### [PROBLEM]
In the entries below, spot each line with the word "herbaceous" and copy it.

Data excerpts
▼

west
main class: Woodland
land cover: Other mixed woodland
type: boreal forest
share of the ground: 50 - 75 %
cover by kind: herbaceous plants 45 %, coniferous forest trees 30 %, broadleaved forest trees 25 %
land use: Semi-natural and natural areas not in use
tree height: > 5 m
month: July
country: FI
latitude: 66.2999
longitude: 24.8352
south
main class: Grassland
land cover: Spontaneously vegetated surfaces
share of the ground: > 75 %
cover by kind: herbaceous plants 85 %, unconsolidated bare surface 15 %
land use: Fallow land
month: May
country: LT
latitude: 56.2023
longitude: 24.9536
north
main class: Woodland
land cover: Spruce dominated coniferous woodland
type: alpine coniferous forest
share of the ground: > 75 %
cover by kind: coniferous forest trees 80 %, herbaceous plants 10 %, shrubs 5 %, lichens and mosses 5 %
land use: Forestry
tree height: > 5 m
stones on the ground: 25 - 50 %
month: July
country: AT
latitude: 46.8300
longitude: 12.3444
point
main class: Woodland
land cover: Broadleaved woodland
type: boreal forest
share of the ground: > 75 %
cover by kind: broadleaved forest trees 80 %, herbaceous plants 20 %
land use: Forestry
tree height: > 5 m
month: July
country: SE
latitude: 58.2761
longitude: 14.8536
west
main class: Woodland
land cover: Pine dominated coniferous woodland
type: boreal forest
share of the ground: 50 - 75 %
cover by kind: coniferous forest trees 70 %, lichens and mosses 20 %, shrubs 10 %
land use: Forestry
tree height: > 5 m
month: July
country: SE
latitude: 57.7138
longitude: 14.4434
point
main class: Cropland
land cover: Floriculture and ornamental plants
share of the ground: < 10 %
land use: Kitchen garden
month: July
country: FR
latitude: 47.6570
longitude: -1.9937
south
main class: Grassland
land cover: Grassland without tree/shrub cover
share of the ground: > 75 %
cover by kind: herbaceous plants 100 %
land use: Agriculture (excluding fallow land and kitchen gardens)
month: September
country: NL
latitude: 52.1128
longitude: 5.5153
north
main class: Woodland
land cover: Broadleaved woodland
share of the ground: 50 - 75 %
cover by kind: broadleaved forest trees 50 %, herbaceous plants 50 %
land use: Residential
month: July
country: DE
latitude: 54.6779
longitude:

▲

### [YOUR RESPONSE]
cover by kind: herbaceous plants 45 %, coniferous forest trees 30 %, broadleaved forest trees 25 %
cover by kind: herbaceous plants 85 %, unconsolidated bare surface 15 %
cover by kind: coniferous forest trees 80 %, herbaceous plants 10 %, shrubs 5 %, lichens and mosses 5 %
cover by kind: broadleaved forest trees 80 %, herbaceous plants 20 %
cover by kind: herbaceous plants 100 %
cover by kind: broadleaved forest trees 50 %, herbaceous plants 50 %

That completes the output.